Я глубоко затянулся. Мрачно посмотрел на нее, еще раз попытавшись найти возможность сложить все в единое целое. Не удалось. Отдельные фрагменты картинки-головоломки никак не желали занять положенное им место.
— Жаль, что мы такие, как есть, — вздохнула Мона. — Мне бы хотелось, чтобы мы были совсем другими. Другим не приходят в голову такие отвратительные мысли. Это ужасно. Я не люблю его, Ленни. Возможно, я люблю тебя. Точно сказать не могу. Но я знаю, что мне хотелось бы быть с тобой, а не с ним. Однако… он — хороший человек, Ленни. Я видела от него только добро. Он не кричит на меня, не бьет…
— И что ты предлагаешь?
Она предложила сменить тему. Обняла меня, улыбнулась.
— У нас есть еще несколько часов. Давай проведем их в постели.
Мысль ее мне понравилась. Но какое-то время спустя я заснул, а вот она — нет. Наверное, не следовало мне этого делать. Видать, я допустил ошибку. Расслабился и потерял бдительность.
А проснулся от того, что она трясла меня за плечо. В ее широко раскрытых глазах стоял страх. Честно говоря, я не понял, в чем причина, но она быстро все растолковала.
— Ленни…
Я сел, мягко убрал ее руку с плеча, потому что ее ногти впились мне в кожу. Она, похоже, этого и не заметила.
— Чемоданы…
Я по-прежнему ничего не понимал.
— Ленни, почему в твоем стенном шкафу стоят чемоданы Кейта?
Находка потрясла ее, и она залепетала что-то бессвязное. Мне удалось усадить ее в кресло, и она молча уставилась на меня.
— Только не перебивай меня, — предупредил я. — История длинная. И, чтобы у тебя не осталось вопросов, ее надо выслушать всю.
Я рассказал ей, как взял в секции выдачи багажа два приглянувшихся мне чемодана, зарегистрировался в отеле под вымышленной фамилией, встретил ее, открыл чемоданы, нашел героин. Вот в это она поначалу не поверила, но я убедил ее. Мона чуть не забилась в истерике. Она прожила с Кейтом два года, не подозревая, что он занимается чем-то предосудительным, и мои слова произвели эффект разорвавшейся бомбы.
Наконец я выложил все и замолчал. Теперь она знала все. Ее муж — преступник, его товар — в сейфе отеля, мы — в моем номере, и перед нами открыт весь мир.
— Это меняет дело, Ленни. Я хочу сказать, Джо. Наверное, теперь я могу называть тебя Джо, не так ли?
— Полагаю, что да.
— Джо Марлин вместо Ленни Блейка. Ладно. Так мне даже больше нравится. Теперь мне не нужны его деньги. Я просто не смогу с ним жить. Мне нужен только ты. Мы можем убежать вдвоем и жить долго и счастливо.

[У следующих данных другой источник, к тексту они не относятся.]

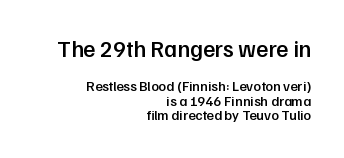
The image shows 23 px text type, upright; set right-aligned, tight line spacing (1.06x), normal letter spacing, not underlined; the first (top) block is 1.64x larger.
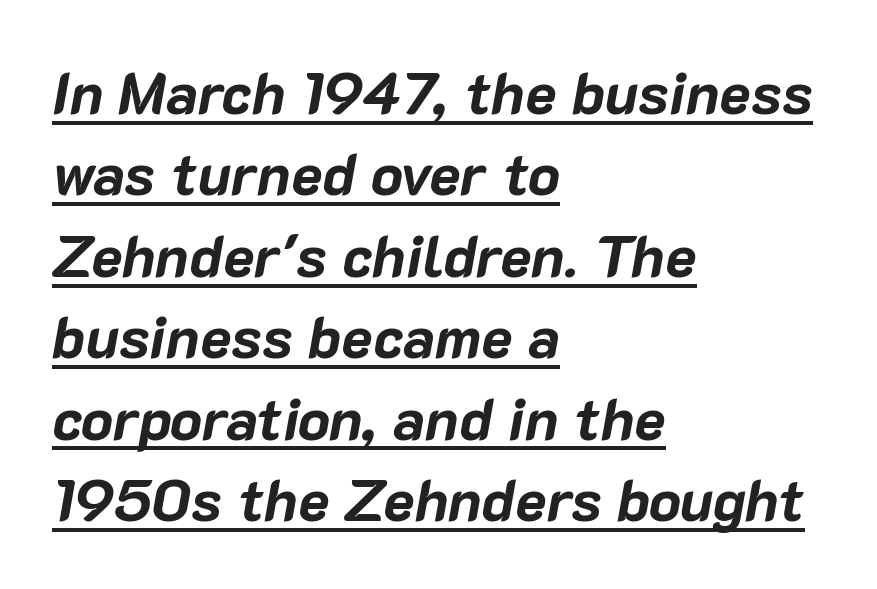
The image shows 59 px bold type, italic (leaning right); set left-aligned, normal line spacing (1.38x), normal letter spacing, underlined; low stroke contrast and a medium x-height.
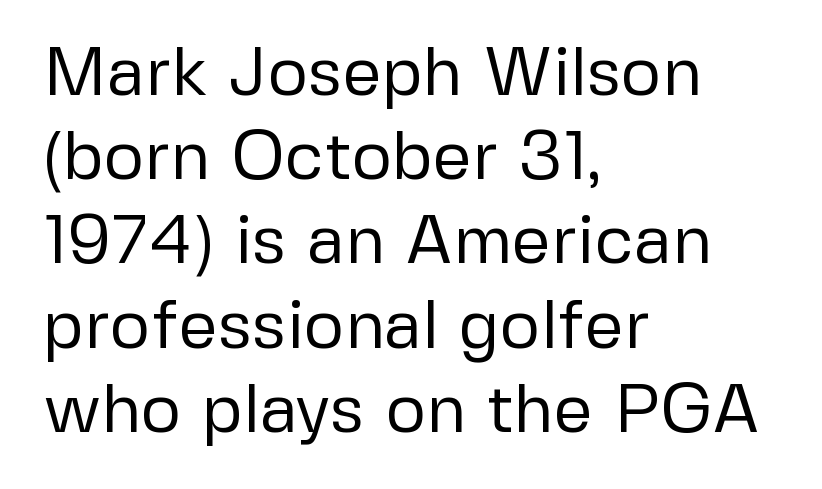
Here the designer chose a conventional face with non-uniform glyph widths. The typography opts for an upright posture over an oblique one. Reading down the block, your eye returns to a fixed left position each line. Descender tails drop into unmarked territory. This rendering leaves character spacing at its baseline value.
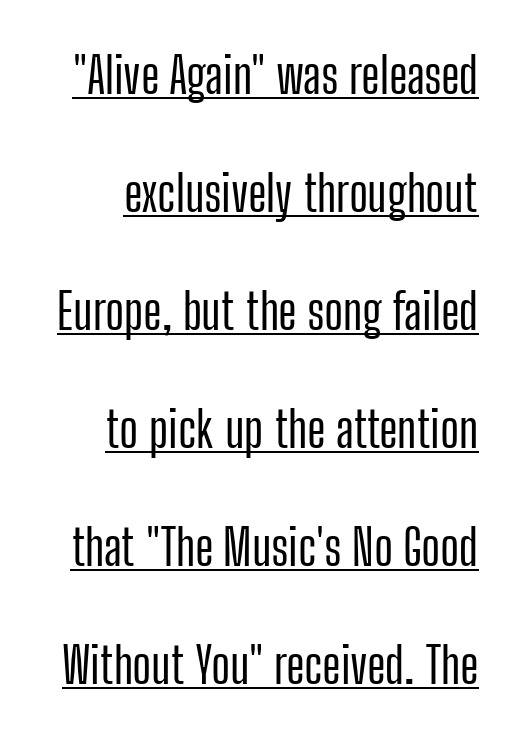
The letters advance in unequal steps, a hallmark of proportional type. Every word sits above its own underline. Upright lettering throughout. Standard letterfit; no display-style spreading of the glyphs. The block of text is sparse from top to bottom, with ample space between rows. Type style note: lacks serifs.
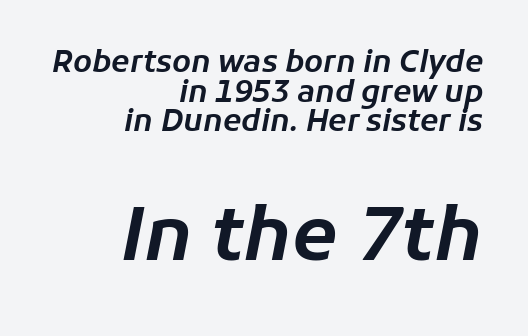
Q: Is the text italic (slanted)? A: Yes, it leans right by about 11 degrees.
Q: Is the text underlined? A: No.
Q: How is the paragraph aligned? A: Right-aligned.
Q: Is the spacing between letters normal or unusually wide? A: Normal.
Q: Is the spacing between lines tight, normal or loose? A: Tight.
Q: Which block of text is set in a larger size, the first (top) or the second (bottom)? A: The second (bottom) one.
Q: Width (condensed, normal, or wide)? A: Normal.
Q: Stroke contrast? A: Low.
Q: x-height? A: Medium.
Q: Monospaced? A: No.
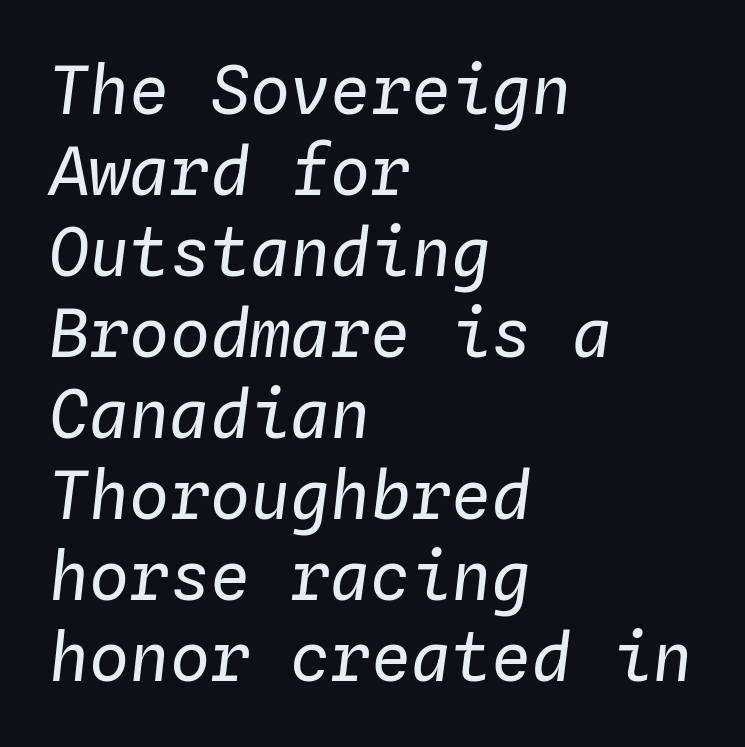
The image shows 67 px regular-weight type, italic (leaning right), monospaced; set left-aligned, line spacing 1.21x, normal letter spacing, not underlined; low stroke contrast and a medium x-height.
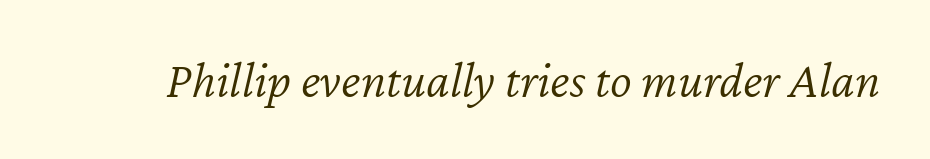
Q: Is the text bold? A: No.
Q: Is the text italic (slanted)? A: Yes, it leans right by about 12 degrees.
Q: Is the text underlined? A: No.
Q: Is the spacing between letters normal or unusually wide? A: Normal.
Q: Width (condensed, normal, or wide)? A: Normal.
Q: Stroke contrast? A: Low.
Q: x-height? A: Medium.
Q: Monospaced? A: No.

Звучало неплохо, но лишь на словах. Она еще не до конца понимала, в какую влипла историю. Он по-прежнему оставался для нее добряком Кейтом. Ей, правда, претило, что у него грязные деньги, но она еще не осознала, что Кейт — далеко не добряк.

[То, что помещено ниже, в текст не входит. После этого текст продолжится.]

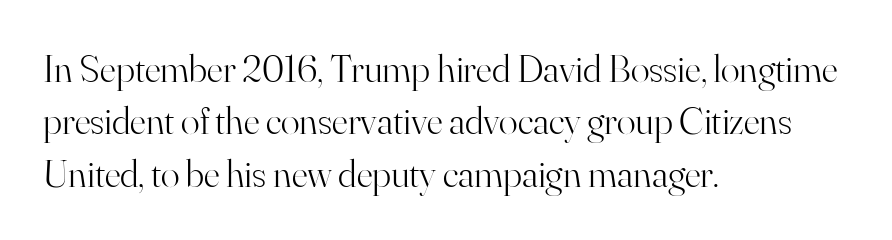
Q: Is the text bold? A: No.
Q: Is the text italic (slanted)? A: No, it is upright.
Q: Is the typeface a serif or a sans-serif typeface? A: Serif.
Q: Is the text underlined? A: No.
Q: How is the paragraph aligned? A: Left-aligned.
Q: Is the spacing between letters normal or unusually wide? A: Normal.
Q: Is the spacing between lines tight, normal or loose? A: Normal.
Q: Width (condensed, normal, or wide)? A: Normal.
Q: Stroke contrast? A: High.
Q: x-height? A: Small.
Q: Monospaced? A: No.
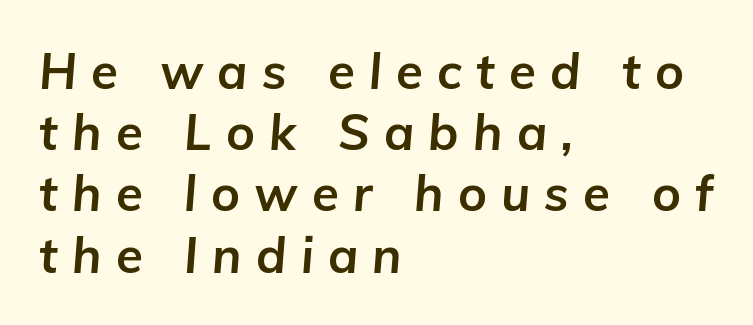
Q: Is the text bold? A: Yes.
Q: Is the text italic (slanted)? A: Yes, it leans right by about 5 degrees.
Q: Is the text underlined? A: No.
Q: How is the paragraph aligned? A: Left-aligned.
Q: Is the spacing between letters normal or unusually wide? A: Unusually wide.
Q: Is the spacing between lines tight, normal or loose? A: Normal.
Q: Width (condensed, normal, or wide)? A: Normal.
Q: Stroke contrast? A: Low.
Q: x-height? A: Medium.
Q: Monospaced? A: No.
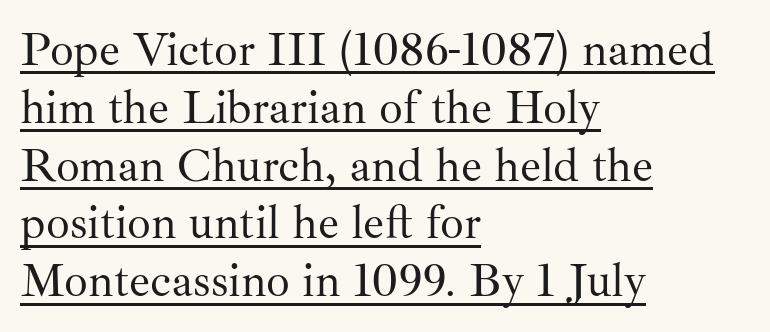
{"serif": "yes", "italic": "no", "bold": "no", "weight": "regular", "width": "normal", "stroke_contrast": "medium", "x_height": "small", "monospaced": "no", "underline": "yes", "align": "left", "line_spacing_ratio": 1.23, "letter_spacing": "normal", "letter_spacing_em": 0.0, "glyph_px": 47}
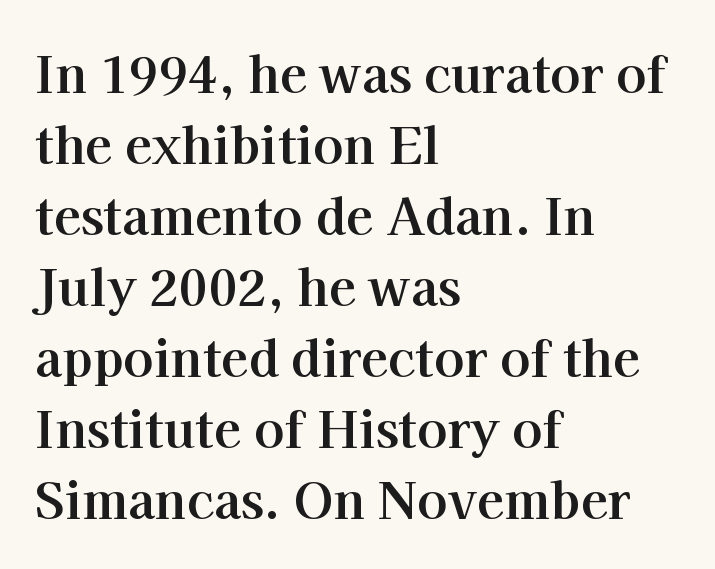
{"serif": "yes", "italic": "no", "bold": "yes", "weight": "bold", "width": "normal", "stroke_contrast": "high", "x_height": "medium", "monospaced": "no", "underline": "no", "align": "left", "line_spacing": "normal", "line_spacing_ratio": 1.42, "letter_spacing": "normal", "letter_spacing_em": 0.0, "glyph_px": 50}
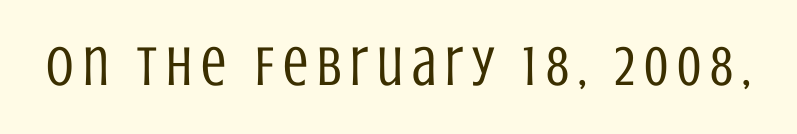
Q: Is the text bold? A: No.
Q: Is the text italic (slanted)? A: No, it is upright.
Q: Is the typeface a serif or a sans-serif typeface? A: Sans-serif.
Q: Is the text underlined? A: No.
Q: Width (condensed, normal, or wide)? A: Condensed.
Q: Stroke contrast? A: Low.
Q: x-height? A: Large.
Q: Monospaced? A: No.
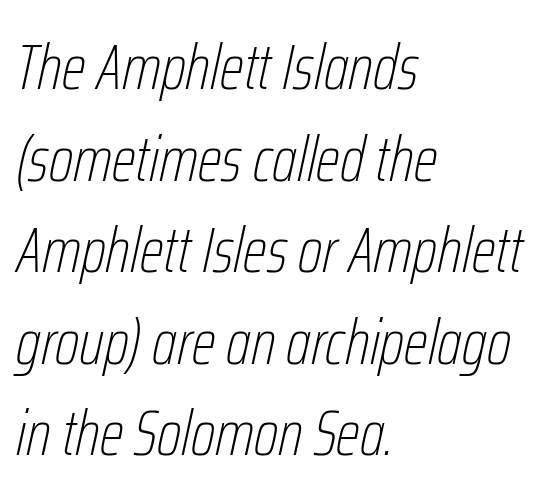
{"italic": "yes", "lean": "right", "slant_degrees": 12, "bold": "no", "weight": "thin", "width": "condensed", "stroke_contrast": "low", "x_height": "medium", "monospaced": "no", "underline": "no", "align": "left", "line_spacing": "normal", "line_spacing_ratio": 1.43, "letter_spacing": "normal", "letter_spacing_em": 0.0, "glyph_px": 64}
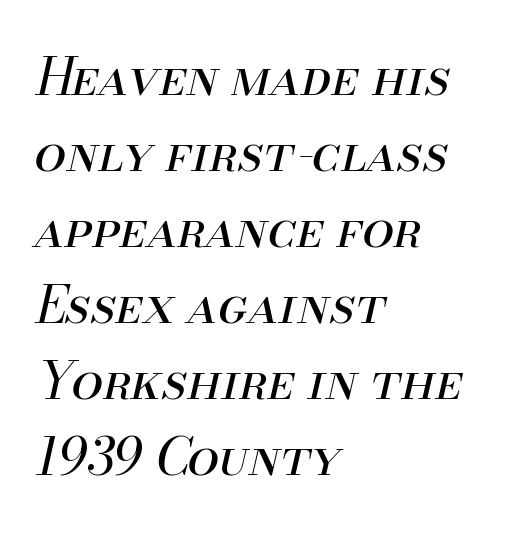
{"italic": "yes", "lean": "right", "slant_degrees": 13, "bold": "no", "weight": "regular", "width": "normal", "stroke_contrast": "medium", "x_height": "small", "monospaced": "no", "underline": "no", "align": "left", "line_spacing": "normal", "line_spacing_ratio": 1.49, "letter_spacing": "normal", "letter_spacing_em": 0.0, "glyph_px": 51}
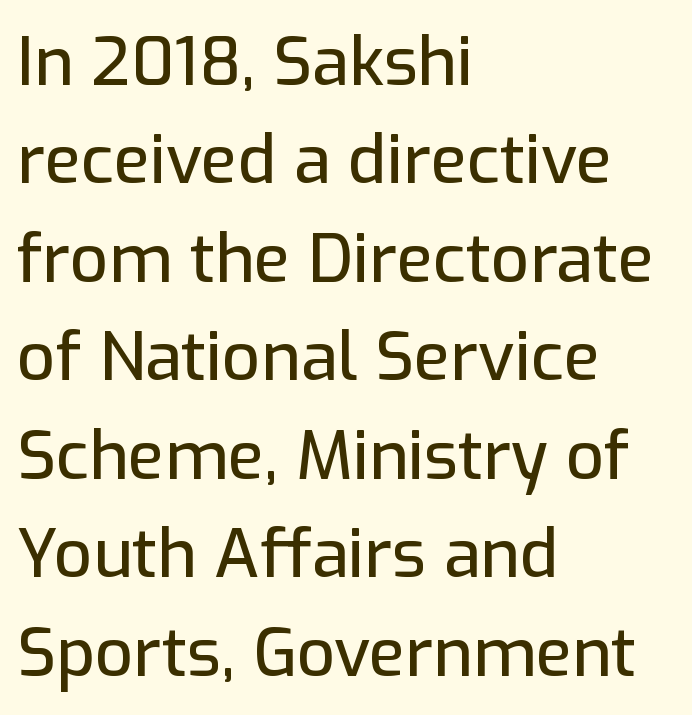
The lettering stays uniformly vertical, giving the passage a roman look. No extra tracking has been applied to these lines. The paragraph shown leans on its left margin. The passage shown is typeset with a sans-serif family. The designer left line spacing at the default.

— Нас убьют, Мона. Мы убежим, и нас поймают. Он — гангстер, Мона. Ты знаешь, что означает это слово? Ты — его женщина. Он купил тебя, дал хорошую цену. Горностаевую шубу, соболиную шубу, палантин из шиншиллы. Эти вещи стоят больших денег.
— Но…
— Теперь ты принадлежишь ему и не можешь убежать. Он тебя поймает и прикажет убить. Хочешь, чтобы мы умерли, Мона? — Я всматривался в ее глаза и вспоминал легкое презрение, звучавшее в голосе Моны, когда она говорила о профилактических осмотрах Брассара. Она еще сказала, что он, возможно, боится смерти. Получалось, что не только он. Она тоже боялась. Да и я ничем от нее не отличался. — Мы не сможем убежать. Не сможем спрятаться.